2.2      Stock Option Award.  The Company shall issue up to1,000,000 options to purchase common stock at $0.50 per share  subject to the vesting schedule as follows:  250,000 options shall vest on the date of this agreement and 250,000 options shall vest on each of the first, second and third anniversaries of employment.  All options may be exercised at any time on or after their vesting date, but will expire if not exercised within seven years of the original grant date.  All unvested options shall vest immediately upon a) a change of control with the company or b) termination of the Executive without cause. Addition stock compensation will be awarded in accordance to the company stock options plan.

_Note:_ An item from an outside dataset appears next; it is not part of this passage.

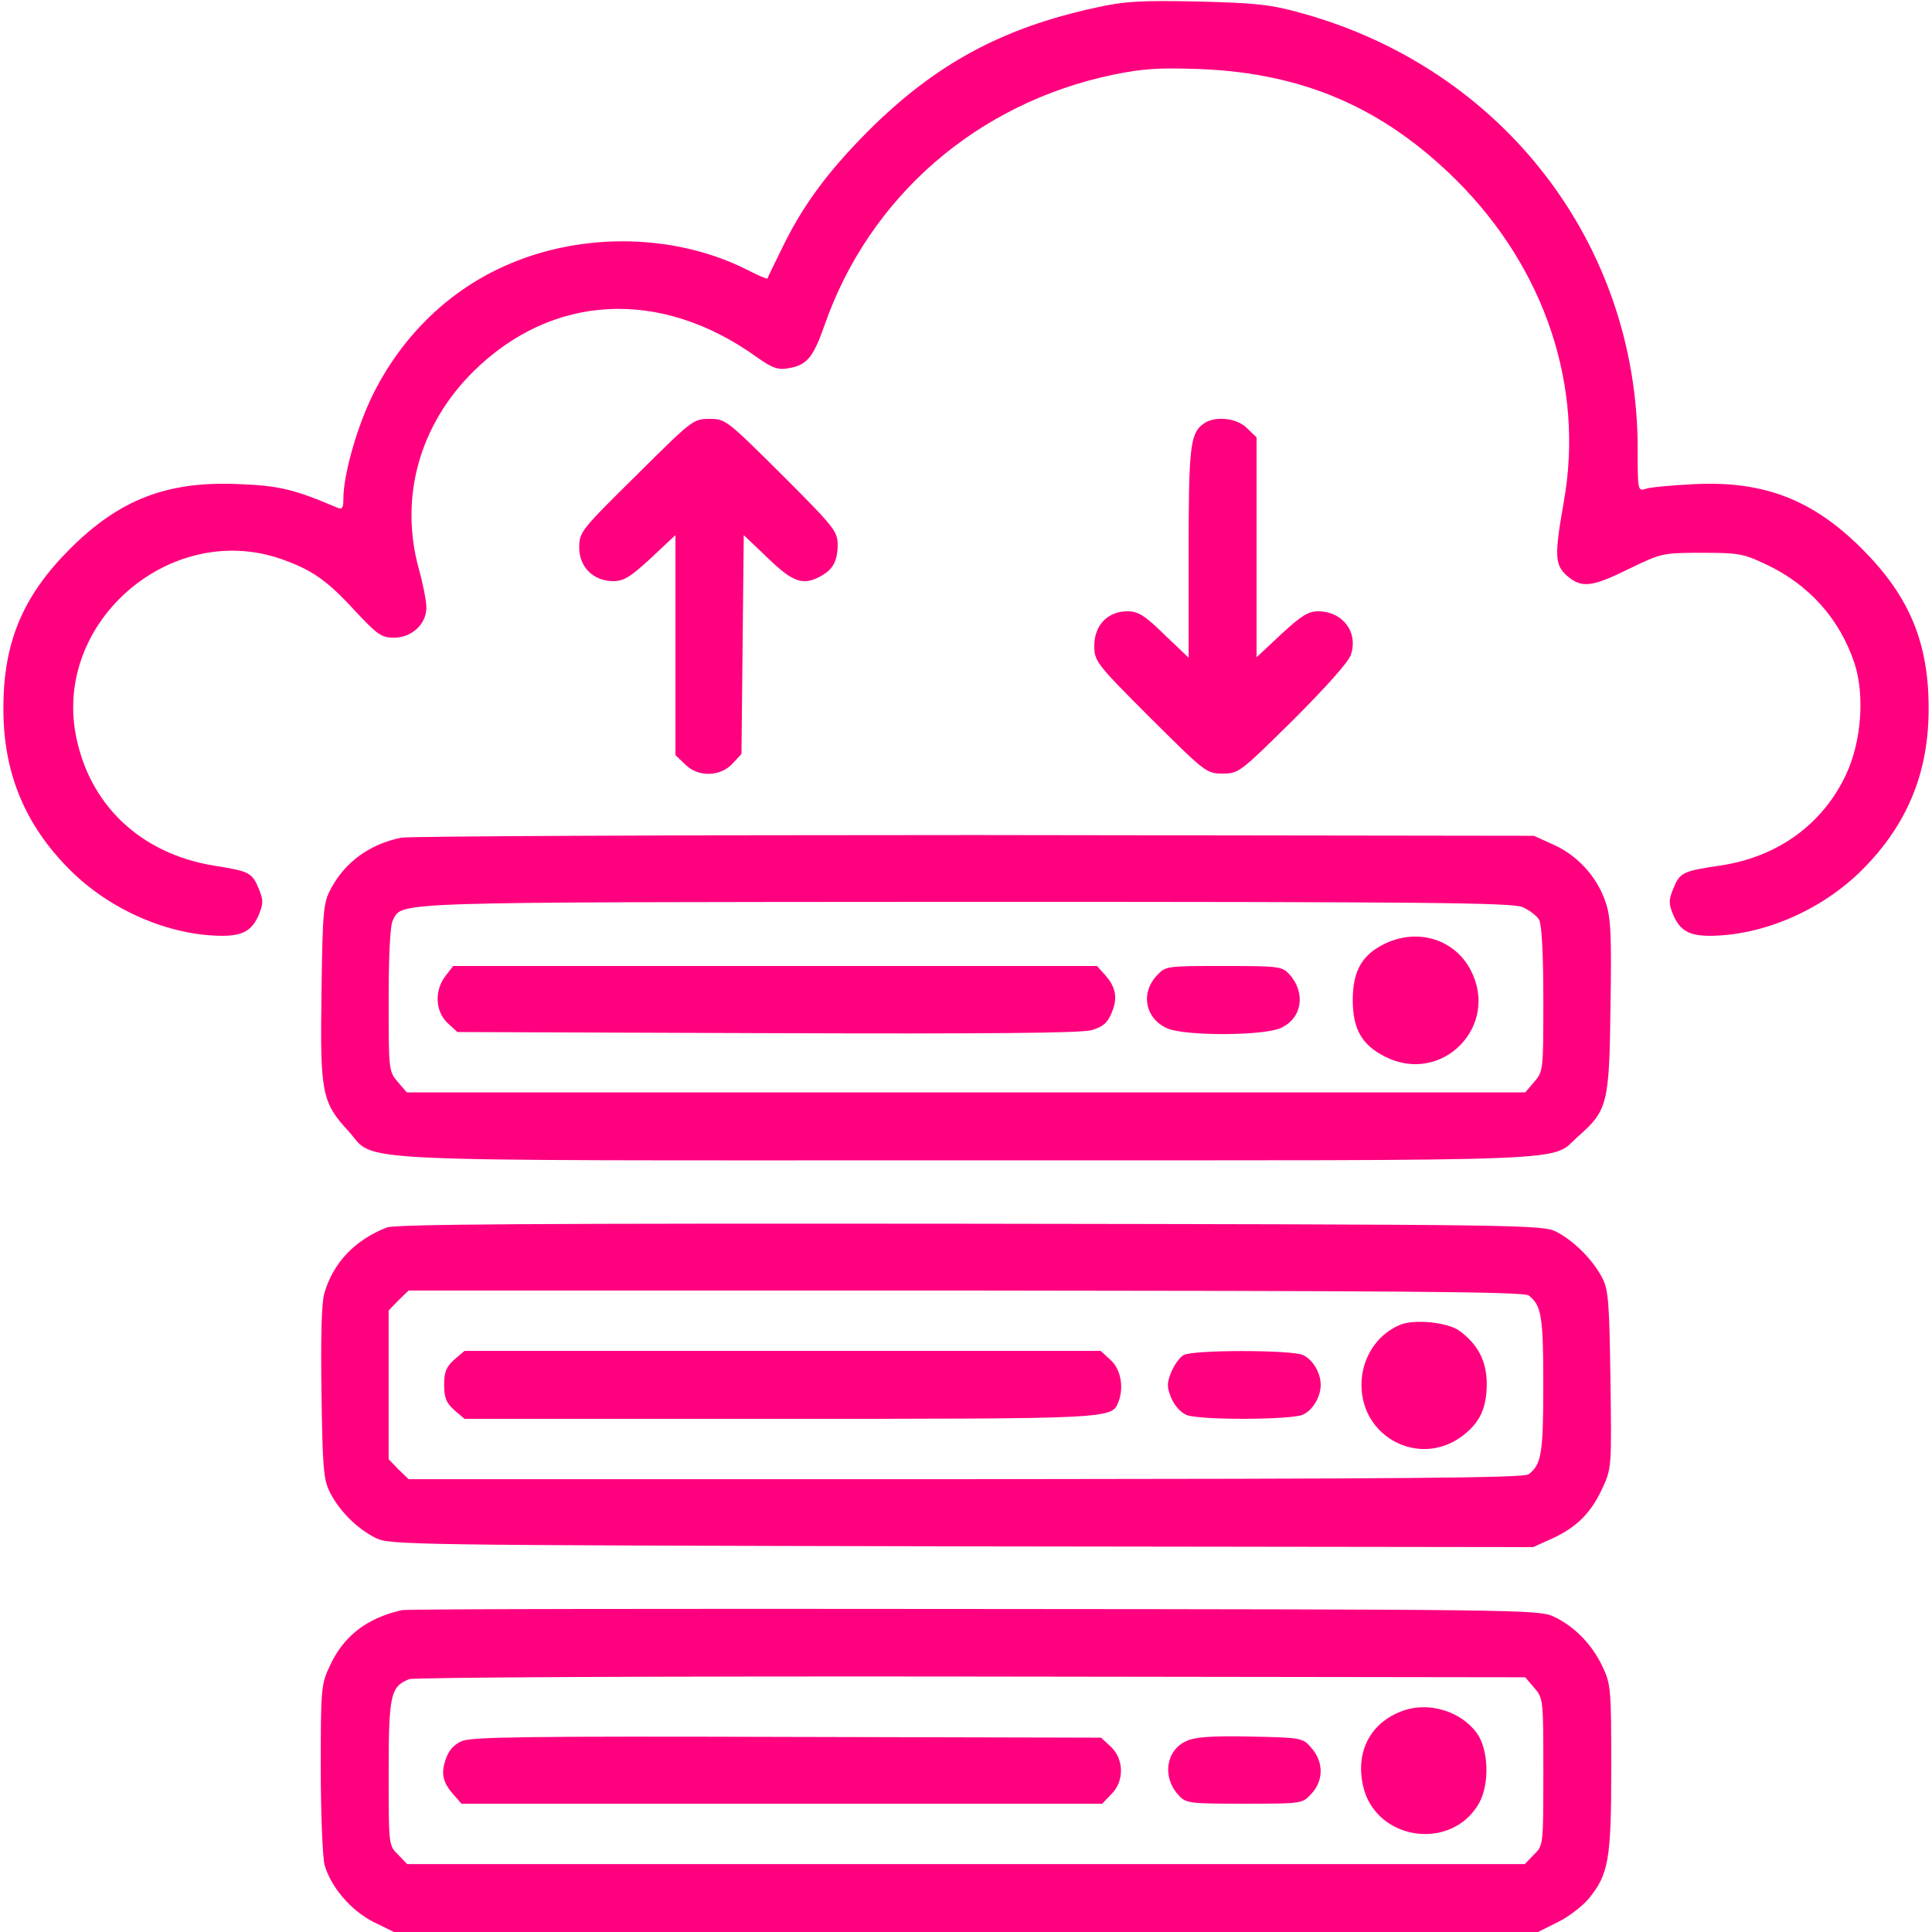 <svg xmlns="http://www.w3.org/2000/svg" width="100" height="100" viewBox="0 0 100 100" fill="none"><path d="M56.739 0.391C51.856 1.445 48.399 3.32 44.903 6.816C42.774 8.965 41.485 10.723 40.391 13.027C40.039 13.75 39.727 14.375 39.727 14.414C39.707 14.453 39.239 14.258 38.711 13.984C34.785 11.992 29.688 11.992 25.664 13.984C22.832 15.371 20.528 17.773 19.141 20.762C18.399 22.383 17.774 24.648 17.774 25.801C17.774 26.309 17.715 26.387 17.442 26.27C15.235 25.332 14.453 25.137 12.403 25.059C8.672 24.883 6.192 25.84 3.614 28.418C1.192 30.84 0.176 33.242 0.176 36.621C0.157 39.961 1.27 42.676 3.614 45.02C5.703 47.109 8.731 48.418 11.485 48.438C12.578 48.438 13.047 48.164 13.399 47.344C13.633 46.777 13.633 46.582 13.399 46.016C13.047 45.156 12.91 45.098 11.075 44.805C7.246 44.18 4.571 41.621 3.906 37.949C2.871 32.109 8.828 27.012 14.473 28.906C16.113 29.473 16.895 30 18.379 31.621C19.532 32.852 19.746 33.008 20.391 33.008C21.309 33.008 22.071 32.305 22.071 31.445C22.071 31.133 21.895 30.215 21.68 29.453C20.664 25.762 21.7 22.012 24.492 19.238C28.575 15.195 34.18 14.902 39.16 18.477C39.961 19.043 40.254 19.16 40.801 19.062C41.758 18.906 42.09 18.516 42.676 16.836C45 10.176 50.586 5.332 57.617 3.867C59.141 3.555 59.961 3.496 62.11 3.574C67.481 3.789 71.621 5.586 75.41 9.355C79.981 13.926 82.012 20.02 80.938 25.996C80.45 28.77 80.469 29.258 81.133 29.824C81.875 30.449 82.403 30.391 84.336 29.434C85.996 28.633 86.055 28.613 88.086 28.613C89.981 28.613 90.235 28.652 91.426 29.219C93.653 30.273 95.235 32.051 95.996 34.355C96.524 35.996 96.348 38.398 95.547 40.098C94.336 42.676 91.992 44.375 89.004 44.805C87.071 45.098 86.953 45.156 86.602 46.016C86.367 46.582 86.367 46.777 86.602 47.344C86.953 48.164 87.422 48.438 88.516 48.438C91.27 48.418 94.297 47.109 96.387 45.02C98.731 42.676 99.844 39.961 99.825 36.621C99.825 33.242 98.809 30.84 96.387 28.418C93.828 25.859 91.309 24.883 87.696 25.059C86.563 25.117 85.45 25.215 85.215 25.293C84.766 25.43 84.766 25.43 84.766 23.223C84.766 12.617 77.774 3.555 67.383 0.684C65.781 0.234 65.059 0.156 62.012 0.078C59.043 0.02 58.223 0.059 56.739 0.391Z" fill="#FF007F"></path><path d="M32.93 24.61C30.078 27.423 29.98 27.54 29.98 28.341C29.98 29.356 30.723 30.079 31.738 30.079C32.285 30.079 32.637 29.864 33.691 28.888L34.961 27.696V33.38V39.083L35.449 39.552C36.113 40.235 37.266 40.216 37.91 39.532L38.379 39.024L38.438 33.36L38.496 27.696L39.746 28.888C41.035 30.138 41.562 30.313 42.441 29.845C43.105 29.493 43.34 29.063 43.359 28.243C43.359 27.501 43.223 27.325 40.469 24.571C37.617 21.739 37.559 21.681 36.719 21.681C35.879 21.681 35.82 21.739 32.93 24.61Z" fill="#FF007F"></path><path d="M62.266 21.953C61.602 22.441 61.523 23.203 61.523 28.652V34.043L60.273 32.852C59.238 31.836 58.906 31.641 58.34 31.641C57.344 31.641 56.641 32.363 56.641 33.418C56.641 34.219 56.719 34.336 59.531 37.148C62.383 39.98 62.441 40.039 63.281 40.039C64.121 40.039 64.18 39.98 66.934 37.266C68.652 35.547 69.805 34.258 69.922 33.887C70.312 32.715 69.492 31.641 68.223 31.641C67.715 31.641 67.344 31.875 66.309 32.832L65.039 34.023V28.34V22.637L64.551 22.168C64.023 21.621 62.832 21.504 62.266 21.953Z" fill="#FF007F"></path><path d="M20.762 43.359C19.141 43.691 17.871 44.609 17.129 45.995C16.738 46.718 16.699 47.109 16.641 51.347C16.563 56.562 16.66 57.05 18.008 58.515C19.551 60.195 16.817 60.058 50.098 60.058C82.793 60.058 80.137 60.156 81.719 58.788C83.203 57.48 83.301 57.109 83.359 52.089C83.418 48.417 83.379 47.48 83.106 46.699C82.676 45.409 81.68 44.296 80.43 43.73L79.395 43.261L50.488 43.222C34.59 43.222 21.211 43.281 20.762 43.359ZM78.809 46.952C79.16 47.109 79.551 47.402 79.668 47.617C79.805 47.87 79.883 49.452 79.883 51.738C79.883 55.37 79.883 55.449 79.414 55.995L78.945 56.542H50H21.055L20.586 55.995C20.117 55.449 20.117 55.37 20.117 51.738C20.117 49.452 20.195 47.87 20.332 47.636C20.84 46.659 19.824 46.699 49.961 46.679C73.828 46.679 78.242 46.718 78.809 46.952Z" fill="#FF007F"></path><path d="M71.758 48.809C70.527 49.376 70.019 50.216 70.019 51.759C70.019 53.263 70.488 54.083 71.68 54.688C74.629 56.192 77.656 53.106 76.113 50.196C75.293 48.634 73.438 48.048 71.758 48.809Z" fill="#FF007F"></path><path d="M23.066 50.507C22.48 51.25 22.52 52.343 23.164 52.949L23.672 53.418L39.707 53.476C51.094 53.515 55.977 53.476 56.504 53.32C57.09 53.144 57.324 52.949 57.539 52.422C57.871 51.64 57.754 51.074 57.168 50.429L56.777 50H40.117H23.457L23.066 50.507Z" fill="#FF007F"></path><path d="M59.864 50.508C59.005 51.445 59.298 52.754 60.45 53.242C61.427 53.633 65.45 53.613 66.309 53.203C67.403 52.695 67.599 51.387 66.739 50.43C66.349 50.02 66.212 50 63.341 50C60.333 50 60.333 50 59.864 50.508Z" fill="#FF007F"></path><path d="M20.018 63.535C18.377 64.18 17.264 65.332 16.795 66.914C16.639 67.422 16.6 69.141 16.639 72.07C16.698 75.938 16.737 76.562 17.069 77.227C17.557 78.203 18.475 79.121 19.452 79.609C20.194 79.961 20.975 79.981 49.784 80.039L79.354 80.078L80.35 79.629C81.62 79.043 82.362 78.301 82.948 77.012C83.416 76.016 83.416 75.898 83.358 71.445C83.299 67.5 83.26 66.797 82.948 66.172C82.459 65.215 81.463 64.219 80.545 63.75C79.803 63.398 78.944 63.379 50.194 63.34C27.87 63.32 20.467 63.359 20.018 63.535ZM79.12 67.051C79.784 67.559 79.881 68.106 79.881 71.68C79.881 75.254 79.784 75.801 79.12 76.309C78.885 76.504 72.323 76.543 49.979 76.562H21.151L20.623 76.055L20.116 75.527V71.68V67.832L20.623 67.305L21.151 66.797H49.979C72.323 66.816 78.885 66.856 79.12 67.051Z" fill="#FF007F"></path><path d="M72.461 68.575C71.25 69.083 70.469 70.313 70.469 71.68C70.469 74.434 73.516 75.977 75.703 74.317C76.602 73.633 76.953 72.872 76.953 71.622C76.953 70.469 76.504 69.59 75.547 68.887C74.941 68.438 73.203 68.262 72.461 68.575Z" fill="#FF007F"></path><path d="M23.516 70.371C23.105 70.742 22.988 70.996 22.988 71.68C22.988 72.363 23.105 72.617 23.516 72.988L24.043 73.438H40.352C57.656 73.438 57.539 73.438 57.891 72.559C58.184 71.797 58.008 70.879 57.5 70.41L56.973 69.922H40.508H24.043L23.516 70.371Z" fill="#FF007F"></path><path d="M61.27 70.136C61.055 70.254 60.781 70.644 60.625 71.015C60.391 71.601 60.391 71.777 60.625 72.363C60.801 72.773 61.133 73.125 61.426 73.242C62.129 73.515 66.856 73.496 67.441 73.222C67.949 72.988 68.359 72.304 68.359 71.679C68.359 71.054 67.949 70.371 67.441 70.136C66.836 69.863 61.738 69.863 61.27 70.136Z" fill="#FF007F"></path><path d="M20.801 83.34C18.984 83.75 17.773 84.688 17.07 86.231C16.621 87.168 16.602 87.422 16.602 91.504C16.602 93.867 16.699 96.133 16.797 96.523C17.129 97.676 18.145 98.867 19.316 99.473L20.391 100H50H79.609L80.625 99.492C81.191 99.219 81.894 98.672 82.227 98.281C83.262 97.012 83.398 96.269 83.398 91.523C83.398 87.383 83.379 87.168 82.93 86.231C82.383 85.078 81.445 84.141 80.371 83.652C79.629 83.32 78.066 83.301 50.391 83.281C34.336 83.262 21.016 83.281 20.801 83.34ZM79.414 87.363C79.883 87.91 79.883 87.969 79.883 91.719C79.883 95.508 79.883 95.527 79.394 95.996L78.926 96.484H50H21.074L20.605 95.996C20.117 95.527 20.117 95.508 20.117 91.758C20.117 87.715 20.215 87.305 21.172 86.914C21.387 86.816 34.355 86.758 50.254 86.777L78.945 86.816L79.414 87.363Z" fill="#FF007F"></path><path d="M72.599 88.554C70.939 89.159 70.158 90.644 70.548 92.421C71.173 95.272 75.138 95.858 76.564 93.319C77.111 92.323 77.052 90.526 76.427 89.687C75.587 88.554 73.927 88.066 72.599 88.554Z" fill="#FF007F"></path><path d="M23.905 90.117C23.475 90.312 23.221 90.606 23.065 91.074C22.811 91.816 22.928 92.285 23.494 92.91L23.885 93.359H40.467H57.049L57.518 92.871C58.202 92.207 58.182 91.055 57.498 90.41L56.991 89.941L40.76 89.902C27.323 89.863 24.413 89.902 23.905 90.117Z" fill="#FF007F"></path><path d="M61.407 90.117C60.352 90.586 60.137 91.973 60.996 92.91C61.387 93.34 61.524 93.359 64.395 93.359C67.403 93.359 67.403 93.359 67.872 92.852C68.516 92.168 68.516 91.211 67.891 90.488C67.422 89.941 67.403 89.941 64.707 89.883C62.715 89.844 61.856 89.902 61.407 90.117Z" fill="#FF007F"></path></svg>

2.3      Review.  The Company will review the Annual Salary annually and will make any adjustments it determines are reasonable i n the sole opinion of the Board on the recommendation of the Company's compensation committee. The compensation committee shall take into account, but shall not be limited to considering, the Executive's performance, the financial and operating success of the Company in the preceding twelve (1 2) months and salaries for comparable positions in the marketplace. The Annual Salary shall not be reduced, except by written agreement signed by the Executive.

 

2.4      Annual Bonus. The Company may pay the Executive on the anniversary of the Effective Date, a discretionary bonus in an amount reasonable in the sole opinion of the Board, based on the recommendation of the Company's compensation committee.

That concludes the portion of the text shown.